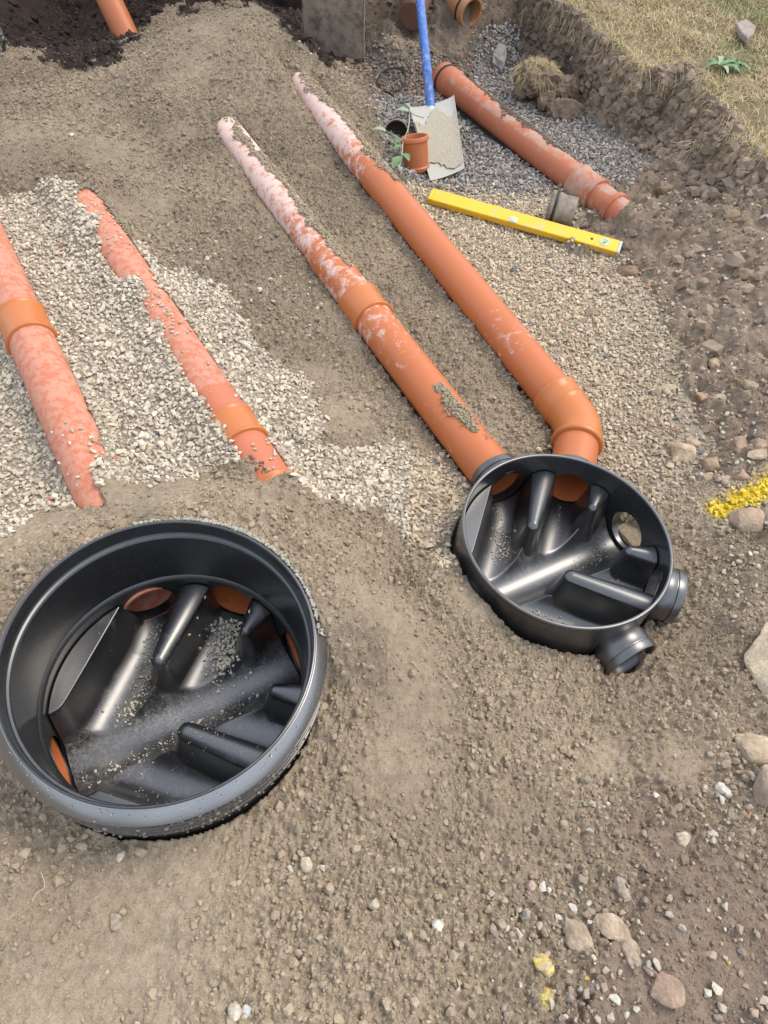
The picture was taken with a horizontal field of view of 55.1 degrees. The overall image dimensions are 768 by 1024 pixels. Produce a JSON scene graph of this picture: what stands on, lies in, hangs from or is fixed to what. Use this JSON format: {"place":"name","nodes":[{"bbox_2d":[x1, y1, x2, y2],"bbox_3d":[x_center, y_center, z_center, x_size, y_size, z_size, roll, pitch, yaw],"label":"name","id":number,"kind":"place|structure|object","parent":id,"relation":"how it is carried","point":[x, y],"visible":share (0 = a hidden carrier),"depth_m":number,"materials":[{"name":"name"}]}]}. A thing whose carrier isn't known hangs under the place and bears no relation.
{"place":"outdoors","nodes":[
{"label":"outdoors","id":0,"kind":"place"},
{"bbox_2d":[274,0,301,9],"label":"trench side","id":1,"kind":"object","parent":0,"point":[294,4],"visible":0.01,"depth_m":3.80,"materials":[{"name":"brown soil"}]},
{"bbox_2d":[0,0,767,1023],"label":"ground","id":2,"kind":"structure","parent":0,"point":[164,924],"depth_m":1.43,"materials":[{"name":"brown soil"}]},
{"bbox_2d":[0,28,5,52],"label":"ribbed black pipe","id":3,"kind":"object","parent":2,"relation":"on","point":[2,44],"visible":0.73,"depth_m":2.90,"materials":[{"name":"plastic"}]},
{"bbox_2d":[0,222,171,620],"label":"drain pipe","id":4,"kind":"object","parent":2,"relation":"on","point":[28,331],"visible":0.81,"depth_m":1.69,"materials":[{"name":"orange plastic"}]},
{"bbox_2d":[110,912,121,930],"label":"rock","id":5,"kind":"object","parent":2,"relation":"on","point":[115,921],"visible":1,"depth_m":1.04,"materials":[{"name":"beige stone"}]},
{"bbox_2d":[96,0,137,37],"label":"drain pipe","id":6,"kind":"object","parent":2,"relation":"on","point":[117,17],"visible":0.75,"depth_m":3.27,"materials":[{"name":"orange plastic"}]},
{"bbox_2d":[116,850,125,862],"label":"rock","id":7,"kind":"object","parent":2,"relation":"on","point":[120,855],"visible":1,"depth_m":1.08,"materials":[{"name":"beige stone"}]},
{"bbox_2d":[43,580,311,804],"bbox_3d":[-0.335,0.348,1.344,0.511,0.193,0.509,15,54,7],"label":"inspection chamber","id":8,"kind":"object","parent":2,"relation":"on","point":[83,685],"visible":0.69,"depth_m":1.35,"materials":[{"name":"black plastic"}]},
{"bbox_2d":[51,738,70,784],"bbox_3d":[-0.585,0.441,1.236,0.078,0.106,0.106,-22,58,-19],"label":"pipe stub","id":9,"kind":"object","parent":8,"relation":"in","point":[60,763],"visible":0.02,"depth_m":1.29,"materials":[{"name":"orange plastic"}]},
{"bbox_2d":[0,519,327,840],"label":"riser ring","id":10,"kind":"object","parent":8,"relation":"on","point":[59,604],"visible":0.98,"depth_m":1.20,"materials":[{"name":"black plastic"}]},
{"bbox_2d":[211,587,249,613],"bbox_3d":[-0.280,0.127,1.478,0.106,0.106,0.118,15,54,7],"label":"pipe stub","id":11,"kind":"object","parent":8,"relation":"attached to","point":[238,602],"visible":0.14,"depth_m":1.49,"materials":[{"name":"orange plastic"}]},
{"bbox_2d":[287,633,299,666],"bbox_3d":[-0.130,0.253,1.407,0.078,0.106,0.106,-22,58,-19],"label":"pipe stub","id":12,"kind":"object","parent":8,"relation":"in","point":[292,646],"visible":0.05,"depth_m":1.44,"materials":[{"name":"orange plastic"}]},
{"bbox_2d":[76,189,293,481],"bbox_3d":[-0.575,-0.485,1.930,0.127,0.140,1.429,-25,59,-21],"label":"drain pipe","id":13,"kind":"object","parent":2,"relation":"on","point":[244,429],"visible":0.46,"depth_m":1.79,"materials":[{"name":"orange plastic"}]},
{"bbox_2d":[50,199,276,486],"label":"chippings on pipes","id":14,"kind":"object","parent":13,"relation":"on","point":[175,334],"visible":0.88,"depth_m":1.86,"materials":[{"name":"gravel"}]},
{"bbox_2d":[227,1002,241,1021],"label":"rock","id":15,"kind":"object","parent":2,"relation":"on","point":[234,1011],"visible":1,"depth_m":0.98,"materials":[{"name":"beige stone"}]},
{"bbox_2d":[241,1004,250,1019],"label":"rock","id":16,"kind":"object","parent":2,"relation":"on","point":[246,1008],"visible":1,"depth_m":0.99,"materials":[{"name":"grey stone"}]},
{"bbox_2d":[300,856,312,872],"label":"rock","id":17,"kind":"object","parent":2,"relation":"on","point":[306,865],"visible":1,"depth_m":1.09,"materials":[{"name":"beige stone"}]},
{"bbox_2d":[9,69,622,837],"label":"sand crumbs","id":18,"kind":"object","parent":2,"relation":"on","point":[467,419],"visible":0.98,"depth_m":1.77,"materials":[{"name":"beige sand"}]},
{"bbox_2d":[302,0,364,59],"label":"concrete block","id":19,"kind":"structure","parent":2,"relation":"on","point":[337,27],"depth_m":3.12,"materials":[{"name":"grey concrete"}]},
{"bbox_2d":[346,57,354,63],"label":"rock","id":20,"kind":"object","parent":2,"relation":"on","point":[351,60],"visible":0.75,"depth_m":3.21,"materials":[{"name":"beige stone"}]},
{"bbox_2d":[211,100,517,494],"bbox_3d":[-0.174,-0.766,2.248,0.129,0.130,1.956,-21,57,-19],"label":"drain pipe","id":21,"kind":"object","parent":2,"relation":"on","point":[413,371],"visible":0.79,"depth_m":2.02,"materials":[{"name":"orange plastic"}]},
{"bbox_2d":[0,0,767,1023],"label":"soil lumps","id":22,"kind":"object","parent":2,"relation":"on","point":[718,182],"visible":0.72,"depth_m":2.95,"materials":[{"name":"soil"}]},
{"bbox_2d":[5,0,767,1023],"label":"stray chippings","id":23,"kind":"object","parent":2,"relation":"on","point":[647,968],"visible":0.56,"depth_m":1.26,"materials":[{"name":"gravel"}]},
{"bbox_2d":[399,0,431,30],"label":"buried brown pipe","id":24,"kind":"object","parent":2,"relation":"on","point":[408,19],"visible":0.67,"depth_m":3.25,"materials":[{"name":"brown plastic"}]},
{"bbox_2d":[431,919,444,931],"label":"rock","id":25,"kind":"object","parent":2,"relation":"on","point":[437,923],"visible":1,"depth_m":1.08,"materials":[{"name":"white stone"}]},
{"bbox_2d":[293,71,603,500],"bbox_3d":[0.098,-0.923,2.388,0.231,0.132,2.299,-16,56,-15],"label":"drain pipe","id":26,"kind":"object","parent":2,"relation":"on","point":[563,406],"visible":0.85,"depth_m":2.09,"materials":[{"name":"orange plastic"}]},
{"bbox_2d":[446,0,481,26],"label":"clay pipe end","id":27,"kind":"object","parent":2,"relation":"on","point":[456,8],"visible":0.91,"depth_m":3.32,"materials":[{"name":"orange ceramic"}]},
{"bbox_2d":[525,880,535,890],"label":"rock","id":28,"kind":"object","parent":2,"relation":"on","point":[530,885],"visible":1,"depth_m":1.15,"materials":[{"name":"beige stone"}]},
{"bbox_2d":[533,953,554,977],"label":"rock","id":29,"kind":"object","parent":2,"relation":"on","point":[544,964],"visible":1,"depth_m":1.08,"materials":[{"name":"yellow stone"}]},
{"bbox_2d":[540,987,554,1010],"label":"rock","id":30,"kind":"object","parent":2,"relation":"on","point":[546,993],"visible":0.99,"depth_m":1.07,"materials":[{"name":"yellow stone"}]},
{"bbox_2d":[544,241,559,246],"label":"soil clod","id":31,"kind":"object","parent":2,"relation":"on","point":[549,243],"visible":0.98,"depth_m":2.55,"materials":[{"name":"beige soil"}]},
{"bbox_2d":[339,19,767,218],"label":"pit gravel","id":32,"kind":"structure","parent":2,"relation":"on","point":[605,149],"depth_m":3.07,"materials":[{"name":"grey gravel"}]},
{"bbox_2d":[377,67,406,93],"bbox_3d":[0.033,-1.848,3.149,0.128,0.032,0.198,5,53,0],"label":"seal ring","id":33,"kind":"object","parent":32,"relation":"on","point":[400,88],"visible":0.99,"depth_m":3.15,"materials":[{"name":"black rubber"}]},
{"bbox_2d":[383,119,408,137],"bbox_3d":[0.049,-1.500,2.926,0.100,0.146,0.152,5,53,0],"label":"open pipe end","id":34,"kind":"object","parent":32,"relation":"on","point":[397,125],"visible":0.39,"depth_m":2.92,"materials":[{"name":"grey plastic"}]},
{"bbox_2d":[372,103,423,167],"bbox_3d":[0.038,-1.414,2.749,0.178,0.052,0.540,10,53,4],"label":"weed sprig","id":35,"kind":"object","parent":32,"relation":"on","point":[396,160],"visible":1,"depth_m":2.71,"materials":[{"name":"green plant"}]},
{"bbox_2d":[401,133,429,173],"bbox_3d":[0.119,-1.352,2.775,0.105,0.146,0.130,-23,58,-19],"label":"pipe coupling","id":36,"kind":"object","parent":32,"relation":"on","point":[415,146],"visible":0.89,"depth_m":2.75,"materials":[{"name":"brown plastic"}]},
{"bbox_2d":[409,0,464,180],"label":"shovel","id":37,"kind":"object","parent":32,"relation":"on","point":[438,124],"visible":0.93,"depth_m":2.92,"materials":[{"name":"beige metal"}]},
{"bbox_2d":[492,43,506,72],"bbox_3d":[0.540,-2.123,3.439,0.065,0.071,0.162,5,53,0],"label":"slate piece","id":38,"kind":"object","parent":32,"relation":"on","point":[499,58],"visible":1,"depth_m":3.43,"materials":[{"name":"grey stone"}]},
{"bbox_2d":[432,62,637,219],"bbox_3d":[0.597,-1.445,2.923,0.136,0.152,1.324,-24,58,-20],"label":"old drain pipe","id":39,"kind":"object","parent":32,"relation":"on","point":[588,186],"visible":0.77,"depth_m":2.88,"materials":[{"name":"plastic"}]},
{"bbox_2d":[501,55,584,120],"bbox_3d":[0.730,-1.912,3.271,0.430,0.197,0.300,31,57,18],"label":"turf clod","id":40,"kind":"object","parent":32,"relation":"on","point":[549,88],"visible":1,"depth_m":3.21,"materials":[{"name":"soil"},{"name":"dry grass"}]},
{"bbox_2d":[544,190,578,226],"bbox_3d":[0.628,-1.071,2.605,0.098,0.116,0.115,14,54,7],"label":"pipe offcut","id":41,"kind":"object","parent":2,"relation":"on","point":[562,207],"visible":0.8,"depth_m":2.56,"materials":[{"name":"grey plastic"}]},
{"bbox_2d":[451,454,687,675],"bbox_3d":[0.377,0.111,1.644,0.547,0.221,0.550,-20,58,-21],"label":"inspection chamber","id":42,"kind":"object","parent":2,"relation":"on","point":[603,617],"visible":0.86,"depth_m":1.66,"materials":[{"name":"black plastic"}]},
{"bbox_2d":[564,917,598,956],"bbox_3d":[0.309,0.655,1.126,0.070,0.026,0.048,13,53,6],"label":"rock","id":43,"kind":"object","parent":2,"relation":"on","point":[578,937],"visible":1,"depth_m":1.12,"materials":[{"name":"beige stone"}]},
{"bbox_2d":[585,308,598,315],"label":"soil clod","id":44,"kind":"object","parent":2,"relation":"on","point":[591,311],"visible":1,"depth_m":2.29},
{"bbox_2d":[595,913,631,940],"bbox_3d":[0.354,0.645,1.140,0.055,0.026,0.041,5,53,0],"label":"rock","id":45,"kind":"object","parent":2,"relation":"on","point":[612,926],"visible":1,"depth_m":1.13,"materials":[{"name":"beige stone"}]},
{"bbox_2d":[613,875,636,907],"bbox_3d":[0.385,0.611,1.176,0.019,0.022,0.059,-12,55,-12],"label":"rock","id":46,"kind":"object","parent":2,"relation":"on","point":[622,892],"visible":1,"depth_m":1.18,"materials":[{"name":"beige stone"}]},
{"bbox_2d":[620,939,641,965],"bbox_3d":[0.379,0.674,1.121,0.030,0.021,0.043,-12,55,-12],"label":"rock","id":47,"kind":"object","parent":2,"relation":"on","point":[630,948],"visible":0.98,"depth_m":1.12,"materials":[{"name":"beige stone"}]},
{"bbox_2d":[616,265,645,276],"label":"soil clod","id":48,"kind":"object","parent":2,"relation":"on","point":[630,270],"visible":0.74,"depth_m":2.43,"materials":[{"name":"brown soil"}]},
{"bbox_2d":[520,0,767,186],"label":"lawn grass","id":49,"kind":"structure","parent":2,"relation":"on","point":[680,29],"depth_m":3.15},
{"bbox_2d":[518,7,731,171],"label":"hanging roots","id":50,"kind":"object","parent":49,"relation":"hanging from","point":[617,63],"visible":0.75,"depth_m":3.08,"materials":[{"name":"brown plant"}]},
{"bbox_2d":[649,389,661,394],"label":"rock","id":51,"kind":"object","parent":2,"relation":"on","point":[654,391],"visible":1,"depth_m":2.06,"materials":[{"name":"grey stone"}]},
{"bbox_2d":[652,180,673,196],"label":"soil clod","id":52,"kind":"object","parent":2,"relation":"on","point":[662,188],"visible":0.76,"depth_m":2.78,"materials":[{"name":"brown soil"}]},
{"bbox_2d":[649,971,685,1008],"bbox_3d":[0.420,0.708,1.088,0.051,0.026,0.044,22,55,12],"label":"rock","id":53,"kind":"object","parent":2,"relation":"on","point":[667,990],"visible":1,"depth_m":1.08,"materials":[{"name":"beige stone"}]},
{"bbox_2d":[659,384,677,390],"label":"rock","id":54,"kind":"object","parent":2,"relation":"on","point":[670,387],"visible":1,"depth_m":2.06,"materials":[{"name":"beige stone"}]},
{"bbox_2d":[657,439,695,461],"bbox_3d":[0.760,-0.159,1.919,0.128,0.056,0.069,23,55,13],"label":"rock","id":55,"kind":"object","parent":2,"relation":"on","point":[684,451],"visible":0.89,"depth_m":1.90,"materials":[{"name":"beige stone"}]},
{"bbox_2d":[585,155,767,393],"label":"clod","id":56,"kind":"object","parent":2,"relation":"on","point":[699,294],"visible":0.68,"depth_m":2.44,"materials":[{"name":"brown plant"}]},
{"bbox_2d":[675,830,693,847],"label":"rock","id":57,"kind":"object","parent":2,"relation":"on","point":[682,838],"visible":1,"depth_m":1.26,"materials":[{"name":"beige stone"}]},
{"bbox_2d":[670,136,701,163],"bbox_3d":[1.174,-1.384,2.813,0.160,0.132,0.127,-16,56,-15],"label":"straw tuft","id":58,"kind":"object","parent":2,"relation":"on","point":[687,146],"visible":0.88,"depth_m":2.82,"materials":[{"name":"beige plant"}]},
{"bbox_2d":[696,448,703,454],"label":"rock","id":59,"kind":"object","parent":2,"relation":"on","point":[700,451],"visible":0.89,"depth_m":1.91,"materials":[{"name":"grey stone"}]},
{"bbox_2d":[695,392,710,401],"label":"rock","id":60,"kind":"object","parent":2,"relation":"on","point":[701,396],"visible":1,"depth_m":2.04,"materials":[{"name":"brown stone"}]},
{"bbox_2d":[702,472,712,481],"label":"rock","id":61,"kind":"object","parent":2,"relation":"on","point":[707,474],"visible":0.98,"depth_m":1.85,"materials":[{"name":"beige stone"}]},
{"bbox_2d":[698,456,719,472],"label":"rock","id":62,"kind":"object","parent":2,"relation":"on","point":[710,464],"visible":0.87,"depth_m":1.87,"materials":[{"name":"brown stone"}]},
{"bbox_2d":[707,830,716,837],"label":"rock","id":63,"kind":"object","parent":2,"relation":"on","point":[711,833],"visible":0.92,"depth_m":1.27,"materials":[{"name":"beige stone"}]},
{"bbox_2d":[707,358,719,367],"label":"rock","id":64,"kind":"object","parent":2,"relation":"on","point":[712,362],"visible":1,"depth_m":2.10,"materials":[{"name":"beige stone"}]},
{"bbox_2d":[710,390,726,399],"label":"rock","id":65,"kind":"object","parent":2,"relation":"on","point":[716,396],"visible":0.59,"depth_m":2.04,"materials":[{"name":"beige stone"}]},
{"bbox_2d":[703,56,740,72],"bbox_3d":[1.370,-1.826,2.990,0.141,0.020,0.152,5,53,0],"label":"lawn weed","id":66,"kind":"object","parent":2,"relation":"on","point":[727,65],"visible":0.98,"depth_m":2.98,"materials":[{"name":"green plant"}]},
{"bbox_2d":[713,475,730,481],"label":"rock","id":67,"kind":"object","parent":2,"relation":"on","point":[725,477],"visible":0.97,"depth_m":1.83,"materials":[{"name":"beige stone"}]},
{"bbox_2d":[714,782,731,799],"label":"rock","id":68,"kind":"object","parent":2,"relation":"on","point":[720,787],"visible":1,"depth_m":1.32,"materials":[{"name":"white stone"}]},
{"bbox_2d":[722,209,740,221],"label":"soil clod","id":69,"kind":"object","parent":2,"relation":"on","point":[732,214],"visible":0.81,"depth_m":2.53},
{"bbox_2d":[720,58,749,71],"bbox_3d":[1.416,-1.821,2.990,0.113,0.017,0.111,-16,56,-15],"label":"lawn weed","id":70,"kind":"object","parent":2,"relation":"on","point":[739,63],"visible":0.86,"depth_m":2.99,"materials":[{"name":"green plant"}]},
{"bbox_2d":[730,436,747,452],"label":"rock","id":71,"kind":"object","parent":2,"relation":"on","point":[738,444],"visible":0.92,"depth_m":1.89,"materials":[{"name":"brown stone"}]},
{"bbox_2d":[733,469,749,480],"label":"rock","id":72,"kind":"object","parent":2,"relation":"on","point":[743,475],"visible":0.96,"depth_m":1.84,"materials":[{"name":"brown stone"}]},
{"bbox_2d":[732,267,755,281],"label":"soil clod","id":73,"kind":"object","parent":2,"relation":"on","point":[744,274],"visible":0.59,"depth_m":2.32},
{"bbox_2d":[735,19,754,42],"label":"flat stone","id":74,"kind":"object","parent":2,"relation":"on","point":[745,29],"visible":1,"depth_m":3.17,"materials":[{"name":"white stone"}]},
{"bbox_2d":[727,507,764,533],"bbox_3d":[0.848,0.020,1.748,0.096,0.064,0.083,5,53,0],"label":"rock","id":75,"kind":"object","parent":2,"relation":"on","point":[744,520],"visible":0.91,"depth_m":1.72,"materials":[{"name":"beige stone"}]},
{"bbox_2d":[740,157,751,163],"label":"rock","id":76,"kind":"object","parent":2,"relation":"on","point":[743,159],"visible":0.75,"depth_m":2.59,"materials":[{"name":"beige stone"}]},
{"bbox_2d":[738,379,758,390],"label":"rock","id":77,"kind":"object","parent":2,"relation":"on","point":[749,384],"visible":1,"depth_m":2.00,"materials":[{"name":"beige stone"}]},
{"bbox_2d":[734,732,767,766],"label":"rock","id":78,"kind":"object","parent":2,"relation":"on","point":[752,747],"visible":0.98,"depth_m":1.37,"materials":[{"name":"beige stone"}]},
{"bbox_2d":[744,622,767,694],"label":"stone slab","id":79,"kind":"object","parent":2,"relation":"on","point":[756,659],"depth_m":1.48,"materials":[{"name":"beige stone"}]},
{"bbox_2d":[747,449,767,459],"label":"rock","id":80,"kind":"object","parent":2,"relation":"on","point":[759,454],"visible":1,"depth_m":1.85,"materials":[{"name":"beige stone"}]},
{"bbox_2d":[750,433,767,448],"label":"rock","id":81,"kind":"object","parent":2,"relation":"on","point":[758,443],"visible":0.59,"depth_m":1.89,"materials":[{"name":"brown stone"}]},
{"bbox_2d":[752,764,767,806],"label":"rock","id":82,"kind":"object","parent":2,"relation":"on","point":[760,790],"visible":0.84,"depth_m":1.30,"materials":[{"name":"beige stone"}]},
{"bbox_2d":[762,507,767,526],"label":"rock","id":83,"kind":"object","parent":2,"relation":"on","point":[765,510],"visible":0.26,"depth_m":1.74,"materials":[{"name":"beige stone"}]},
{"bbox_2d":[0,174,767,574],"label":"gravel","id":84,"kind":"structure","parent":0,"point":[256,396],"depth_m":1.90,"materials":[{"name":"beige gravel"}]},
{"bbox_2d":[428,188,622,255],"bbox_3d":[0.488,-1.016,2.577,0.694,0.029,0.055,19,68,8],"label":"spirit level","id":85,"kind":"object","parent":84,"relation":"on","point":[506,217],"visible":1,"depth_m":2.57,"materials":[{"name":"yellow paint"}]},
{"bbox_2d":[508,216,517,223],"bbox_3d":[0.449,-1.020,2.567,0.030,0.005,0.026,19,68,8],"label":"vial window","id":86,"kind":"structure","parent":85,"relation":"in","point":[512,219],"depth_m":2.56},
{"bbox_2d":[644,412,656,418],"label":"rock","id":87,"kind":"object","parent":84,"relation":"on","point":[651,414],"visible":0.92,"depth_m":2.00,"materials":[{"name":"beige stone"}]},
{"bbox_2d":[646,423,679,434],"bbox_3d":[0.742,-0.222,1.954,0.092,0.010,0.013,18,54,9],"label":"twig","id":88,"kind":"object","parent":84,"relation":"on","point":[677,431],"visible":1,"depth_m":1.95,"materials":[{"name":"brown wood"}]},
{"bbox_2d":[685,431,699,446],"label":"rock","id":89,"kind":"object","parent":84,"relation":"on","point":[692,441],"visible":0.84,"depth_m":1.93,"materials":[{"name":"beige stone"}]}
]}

**********

Search the listing for the word "stub" and return each line that holds it.

*Your solution:*
{"bbox_2d":[51,738,70,784],"bbox_3d":[-0.585,0.441,1.236,0.078,0.106,0.106,-22,58,-19],"label":"pipe stub","id":9,"kind":"object","parent":8,"relation":"in","point":[60,763],"visible":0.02,"depth_m":1.29,"materials":[{"name":"orange plastic"}]},
{"bbox_2d":[211,587,249,613],"bbox_3d":[-0.280,0.127,1.478,0.106,0.106,0.118,15,54,7],"label":"pipe stub","id":11,"kind":"object","parent":8,"relation":"attached to","point":[238,602],"visible":0.14,"depth_m":1.49,"materials":[{"name":"orange plastic"}]},
{"bbox_2d":[287,633,299,666],"bbox_3d":[-0.130,0.253,1.407,0.078,0.106,0.106,-22,58,-19],"label":"pipe stub","id":12,"kind":"object","parent":8,"relation":"in","point":[292,646],"visible":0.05,"depth_m":1.44,"materials":[{"name":"orange plastic"}]},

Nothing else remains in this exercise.